During the 1950s, 1960s, and early 1970s, another researcher in the UC Berkeley Department of Geography, Douglas Powell, spent his winters on skis taking part in the annual state snow surveys. Clear, sunny fall days may be welcome to most Californians, but Powell was always happier when the storm clouds arrived early, heralding a wet year that would replenish the state's water supplies. He would often remind his summer-session students, with a hint of wistful optimism, that storms—even thunderstorms—could arrive as early as September. Moreover, autumn blizzards in the Sierra Nevada range are not unheard of: in 1846, a series of October blizzards dropped ten feet of snow, trapping the Donner Party during their ill-fated trek across the Sierra.
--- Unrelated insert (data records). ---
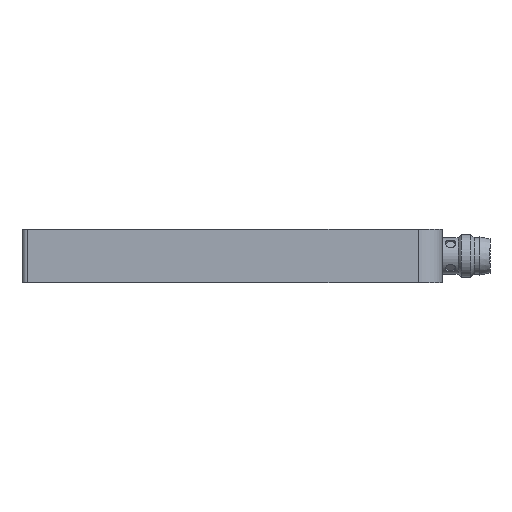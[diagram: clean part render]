
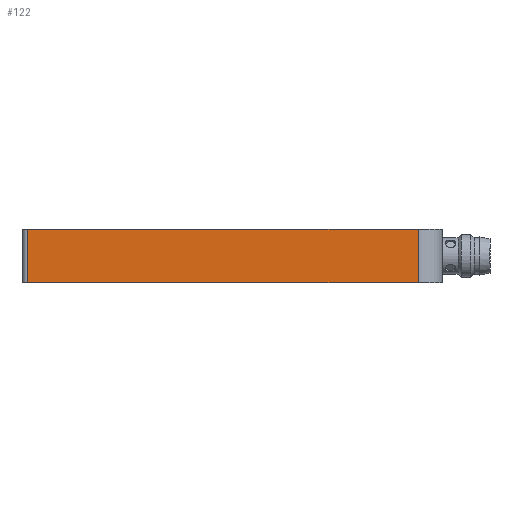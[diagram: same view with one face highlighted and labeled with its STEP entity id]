
A CAD part, front view. The second image highlights one B-rep face of the part: STEP entity #122.
In plain terms, the highlighted planar face has unit normal (0, -1, 0).
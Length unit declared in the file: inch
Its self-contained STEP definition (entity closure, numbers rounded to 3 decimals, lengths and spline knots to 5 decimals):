
#40 = ORIENTED_EDGE ( 'NONE', *, *, #1220, .T. ) ;
#59 = VERTEX_POINT ( 'NONE', #1407 ) ;
#74 = VECTOR ( 'NONE', #550, 39.37008 ) ;
#88 = DIRECTION ( 'NONE',  ( 0., 0., -1. ) ) ;
#122 = ADVANCED_FACE ( 'NONE', ( #453 ), #1759, .T. ) ;
#145 = VECTOR ( 'NONE', #1769, 39.37008 ) ;
#379 = EDGE_CURVE ( 'NONE', #820, #607, #663, .T. ) ;
#389 = CARTESIAN_POINT ( 'NONE',  ( 2.93307, -0.47244, -0.19685 ) ) ;
#453 = FACE_OUTER_BOUND ( 'NONE', #1141, .T. ) ;
#501 = EDGE_CURVE ( 'NONE', #701, #607, #999, .T. ) ;
#508 = CARTESIAN_POINT ( 'NONE',  ( 0., -0.47244, -0.19685 ) ) ;
#521 = DIRECTION ( 'NONE',  ( 0., 0., -1. ) ) ;
#550 = DIRECTION ( 'NONE',  ( 0., 0., 1. ) ) ;
#579 = CARTESIAN_POINT ( 'NONE',  ( 0.03937, -0.47244, -0.19685 ) ) ;
#607 = VERTEX_POINT ( 'NONE', #703 ) ;
#663 = LINE ( 'NONE', #579, #1479 ) ;
#701 = VERTEX_POINT ( 'NONE', #389 ) ;
#702 = CARTESIAN_POINT ( 'NONE',  ( 2.93307, -0.47244, 0.19685 ) ) ;
#703 = CARTESIAN_POINT ( 'NONE',  ( 0.03937, -0.47244, -0.19685 ) ) ;
#812 = DIRECTION ( 'NONE',  ( 0., -1., 0. ) ) ;
#820 = VERTEX_POINT ( 'NONE', #1687 ) ;
#825 = ORIENTED_EDGE ( 'NONE', *, *, #1686, .F. ) ;
#875 = VECTOR ( 'NONE', #1211, 39.37008 ) ;
#999 = LINE ( 'NONE', #508, #145 ) ;
#1141 = EDGE_LOOP ( 'NONE', ( #1910, #40, #825, #1186 ) ) ;
#1168 = AXIS2_PLACEMENT_3D ( 'NONE', #1462, #812, #521 ) ;
#1186 = ORIENTED_EDGE ( 'NONE', *, *, #379, .T. ) ;
#1211 = DIRECTION ( 'NONE',  ( 1., 0., 0. ) ) ;
#1220 = EDGE_CURVE ( 'NONE', #701, #59, #1842, .T. ) ;
#1299 = LINE ( 'NONE', #1985, #875 ) ;
#1407 = CARTESIAN_POINT ( 'NONE',  ( 2.93307, -0.47244, 0.19685 ) ) ;
#1462 = CARTESIAN_POINT ( 'NONE',  ( 0., -0.47244, 0.19685 ) ) ;
#1479 = VECTOR ( 'NONE', #88, 39.37008 ) ;
#1686 = EDGE_CURVE ( 'NONE', #820, #59, #1299, .T. ) ;
#1687 = CARTESIAN_POINT ( 'NONE',  ( 0.03937, -0.47244, 0.19685 ) ) ;
#1759 = PLANE ( 'NONE',  #1168 ) ;
#1769 = DIRECTION ( 'NONE',  ( -1., 0., 0. ) ) ;
#1842 = LINE ( 'NONE', #702, #74 ) ;
#1910 = ORIENTED_EDGE ( 'NONE', *, *, #501, .F. ) ;
#1985 = CARTESIAN_POINT ( 'NONE',  ( 0., -0.47244, 0.19685 ) ) ;

Few of Powell's colleagues or students (this book's authors among them) have experienced the linkages between landscape and climate as intimately as he did. For several weeks each year, he and his team strapped on cross-country skis and backpacks loaded with log and field notebooks, pens, and special snow collection tubes to determine the depth, water content, and density of the snow he would trek across each day. They would measure the water content of the snow by filling a special tube with snow, weighing it, and weighing the empty tube. One ounce of snow translates into one inch of water content of the snow, so the snowpack can be converted into the amount of water that will be generated when that snow melts (see figure 6). Powell could think of no better way to spend his winter months than in the high Sierra Nevada, measuring the precious gift that the mountains held in reserve for the long, dry summer and fall months of the West.

Snow surveyors are still important today, but, since 1977, a considerable amount of data is collected by a network of instruments that have been installed across the mountains of the West to forecast water supply. These instruments automatically transmit the snow and climate information they measure to a centralized computer system by radio telemetry. Changes in daily snowpack are monitored, along with temperature, precipitation, stream flow, reservoir and groundwater levels, and soil moisture—all part of an early warning system for floods and droughts in the western United States.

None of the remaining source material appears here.